Una de las principales virtudes del cine de César González, acaso uno de los directores independientes más prolíficos de los últimos tiempos, y que, seguramente, si tuviera los recursos sería aún más productivo, es la verdad con la que narra.
Ahí donde otros realizadores reposan su mirada cuasi de manera antropológica, donde el objeto que reflejan, sea en documental o ficción, es algo completamente ajeno, en González su conocimiento potencia escenas y diálogos cargadas de verosímil, aun cuando algunas palabras suenen impostadas.

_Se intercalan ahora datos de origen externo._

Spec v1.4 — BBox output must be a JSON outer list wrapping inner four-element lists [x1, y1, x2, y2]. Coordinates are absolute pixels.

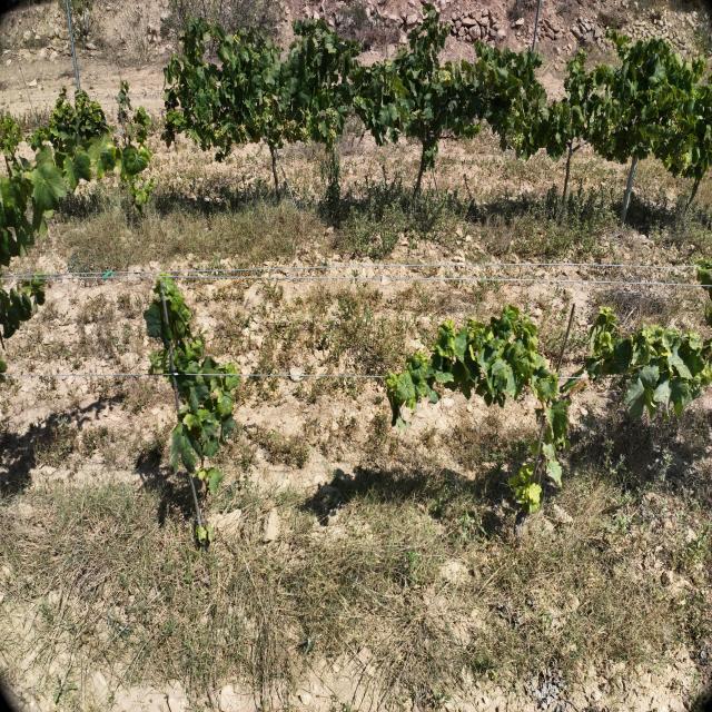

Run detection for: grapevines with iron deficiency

En “Reloj, Soledad”, describe un universo de rutinas, laborales, personales, sociales, que permiten empatizar con el personaje protagónico, encarnado por Nadine Cifre, una joven que deambula entre deseos postergados y las expectativas de aquello que no tiene.
Cuando un día una “oportunidad” se presenta ante sus ojos, se desata un conflicto que afectará su situación laboral y personal, y en donde quedará expuesta y a merced de la violencia ajena, la que, expresada en palabras, gestos y acciones, impedirán que continúe con sus días normalmente.
Pese a que su madre (Érica Rivas) le advierte que toda acción tiene una reacción, e intenta normalizarla una vez más, con mensajes moralizantes, o que su jefe (un preciso Edgardo Castro), con amenazas oprime a ella y sus compañeros, nada le hace torcer el camino emprendido con seguridad.
“Reloj, soledad” habla de cuerpos sujetos a mecanismos productivos, en donde las reglas son hechas para cumplir y el o la que no lo haga, terminará inmerso en una pesadilla de la que solo podrá salir si es fiel a sus convicciones.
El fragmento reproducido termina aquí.